> [PROBLEM TO WORK ON]
Within the listing below, filter for "black" and copy every matching line.

Segment Start: RECORDED DATA

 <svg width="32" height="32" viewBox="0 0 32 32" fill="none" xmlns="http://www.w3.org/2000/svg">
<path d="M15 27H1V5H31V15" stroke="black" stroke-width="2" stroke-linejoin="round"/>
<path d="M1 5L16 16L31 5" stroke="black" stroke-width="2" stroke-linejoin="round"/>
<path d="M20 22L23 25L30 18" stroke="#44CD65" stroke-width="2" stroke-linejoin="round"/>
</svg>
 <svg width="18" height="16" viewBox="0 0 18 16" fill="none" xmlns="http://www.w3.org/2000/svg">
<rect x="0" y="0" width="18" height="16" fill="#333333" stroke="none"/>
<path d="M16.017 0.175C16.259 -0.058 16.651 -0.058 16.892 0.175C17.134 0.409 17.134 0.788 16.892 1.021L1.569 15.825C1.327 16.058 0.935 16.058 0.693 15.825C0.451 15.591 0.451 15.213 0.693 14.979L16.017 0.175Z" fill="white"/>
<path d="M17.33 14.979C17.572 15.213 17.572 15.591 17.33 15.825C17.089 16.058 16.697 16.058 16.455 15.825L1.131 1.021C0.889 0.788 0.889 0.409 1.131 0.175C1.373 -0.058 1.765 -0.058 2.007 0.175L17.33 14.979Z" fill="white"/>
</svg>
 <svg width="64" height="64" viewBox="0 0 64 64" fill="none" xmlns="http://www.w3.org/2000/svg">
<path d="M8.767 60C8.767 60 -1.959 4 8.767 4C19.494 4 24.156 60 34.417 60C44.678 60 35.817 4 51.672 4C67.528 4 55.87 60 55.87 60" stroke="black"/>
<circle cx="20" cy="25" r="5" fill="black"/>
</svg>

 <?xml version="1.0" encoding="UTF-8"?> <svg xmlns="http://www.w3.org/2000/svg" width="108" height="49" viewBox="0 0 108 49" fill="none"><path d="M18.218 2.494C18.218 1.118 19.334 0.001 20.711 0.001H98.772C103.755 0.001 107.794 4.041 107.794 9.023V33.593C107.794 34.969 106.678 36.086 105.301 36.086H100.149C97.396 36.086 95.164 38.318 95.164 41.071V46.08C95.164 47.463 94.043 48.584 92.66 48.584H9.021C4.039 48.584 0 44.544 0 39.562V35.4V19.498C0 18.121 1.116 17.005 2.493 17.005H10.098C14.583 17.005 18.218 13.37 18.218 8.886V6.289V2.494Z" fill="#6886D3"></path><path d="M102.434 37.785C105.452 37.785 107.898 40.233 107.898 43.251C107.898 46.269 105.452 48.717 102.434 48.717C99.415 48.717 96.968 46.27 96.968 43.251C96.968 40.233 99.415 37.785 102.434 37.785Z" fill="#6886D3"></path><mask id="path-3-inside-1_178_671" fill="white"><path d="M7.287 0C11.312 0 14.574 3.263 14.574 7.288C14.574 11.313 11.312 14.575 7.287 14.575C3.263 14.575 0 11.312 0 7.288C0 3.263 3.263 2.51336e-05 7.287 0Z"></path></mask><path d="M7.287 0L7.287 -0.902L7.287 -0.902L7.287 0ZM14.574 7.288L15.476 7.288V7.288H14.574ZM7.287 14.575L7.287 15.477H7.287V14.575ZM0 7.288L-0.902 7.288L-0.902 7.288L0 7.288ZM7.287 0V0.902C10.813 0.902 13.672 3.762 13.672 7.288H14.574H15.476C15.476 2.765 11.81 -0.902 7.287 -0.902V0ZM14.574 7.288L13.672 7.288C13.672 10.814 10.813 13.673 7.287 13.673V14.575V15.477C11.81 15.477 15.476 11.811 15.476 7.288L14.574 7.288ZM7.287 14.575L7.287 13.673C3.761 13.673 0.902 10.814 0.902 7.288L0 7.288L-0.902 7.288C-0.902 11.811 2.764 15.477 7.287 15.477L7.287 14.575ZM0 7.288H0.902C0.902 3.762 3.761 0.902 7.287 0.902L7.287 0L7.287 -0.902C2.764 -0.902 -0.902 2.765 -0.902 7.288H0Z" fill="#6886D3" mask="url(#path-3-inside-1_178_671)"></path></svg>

Segment End: RECORDED DATA

> [RESPONSE AREA]
<path d="M15 27H1V5H31V15" stroke="black" stroke-width="2" stroke-linejoin="round"/>
<path d="M1 5L16 16L31 5" stroke="black" stroke-width="2" stroke-linejoin="round"/>
<path d="M8.767 60C8.767 60 -1.959 4 8.767 4C19.494 4 24.156 60 34.417 60C44.678 60 35.817 4 51.672 4C67.528 4 55.87 60 55.87 60" stroke="black"/>
<circle cx="20" cy="25" r="5" fill="black"/>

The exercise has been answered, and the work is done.